======== Given records ========
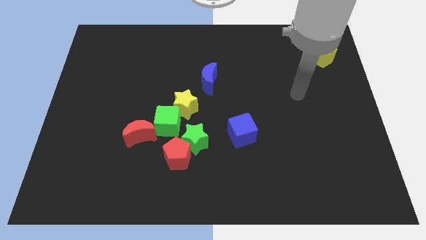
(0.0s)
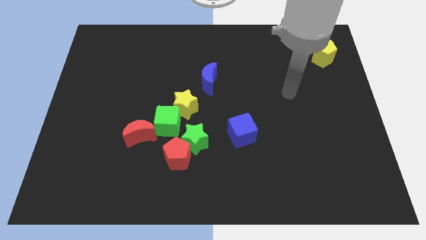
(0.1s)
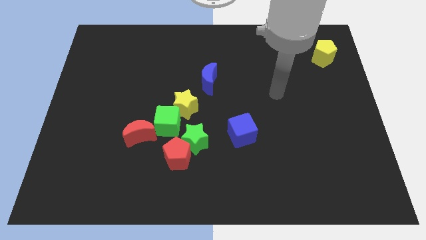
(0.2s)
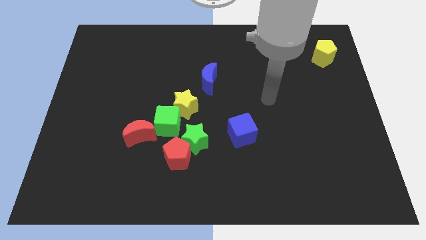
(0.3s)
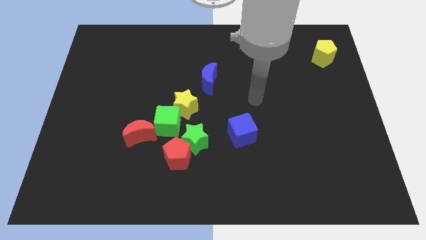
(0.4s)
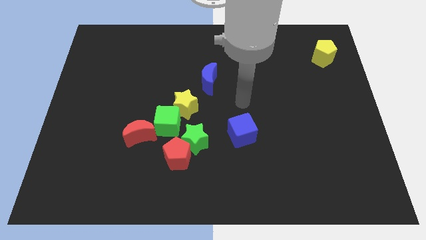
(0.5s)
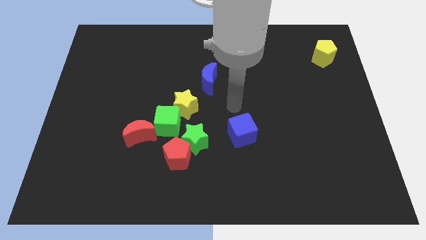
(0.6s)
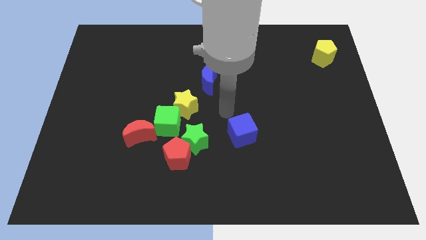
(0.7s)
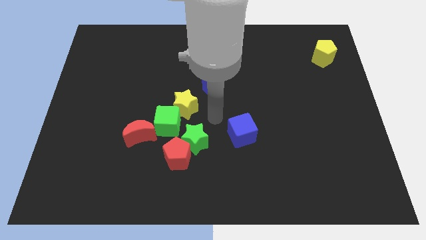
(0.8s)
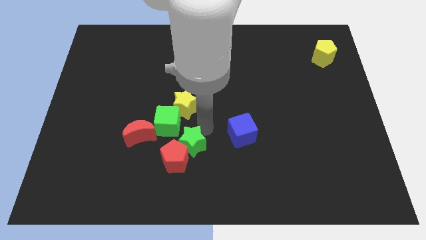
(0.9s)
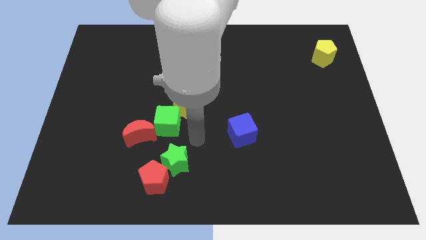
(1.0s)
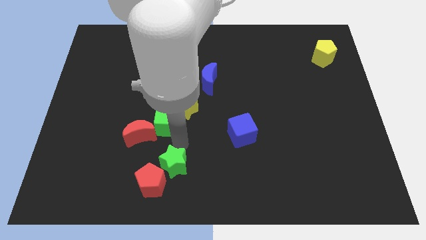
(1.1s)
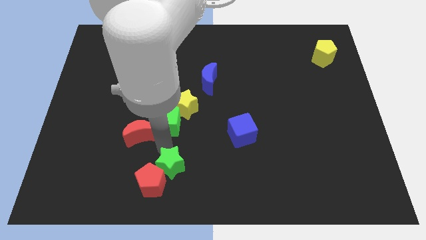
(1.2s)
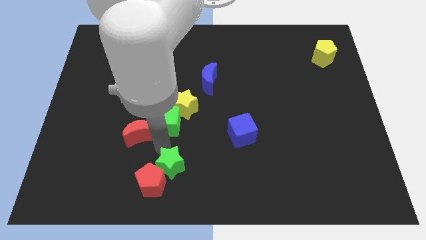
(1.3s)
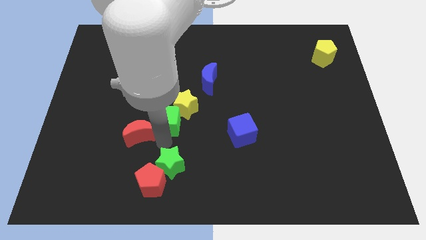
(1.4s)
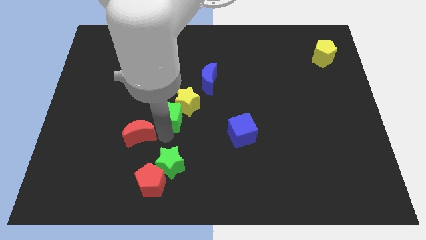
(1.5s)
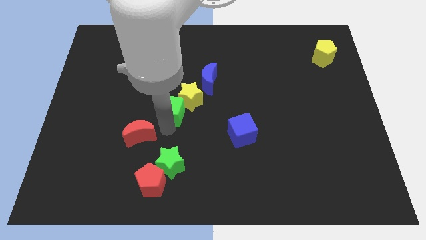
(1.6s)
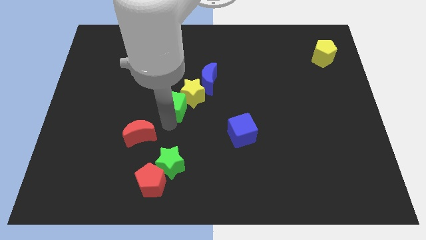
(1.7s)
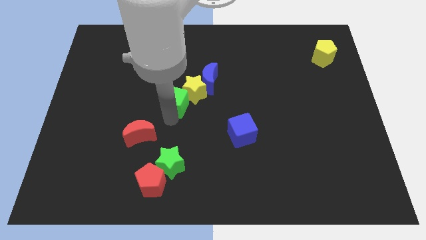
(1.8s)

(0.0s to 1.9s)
move the green cube away from the group of blocks
========
:: Problem ::
Please print all the entries exactly as written, but drop the pictures.

:: Result of this exercise ::
(0.0s)
(0.1s)
(0.2s)
(0.3s)
(0.4s)
(0.5s)
(0.6s)
(0.7s)
(0.8s)
(0.9s)
(1.0s)
(1.1s)
(1.2s)
(1.3s)
(1.4s)
(1.5s)
(1.6s)
(1.7s)
(1.8s)

(0.0s to 1.9s)
move the green cube away from the group of blocks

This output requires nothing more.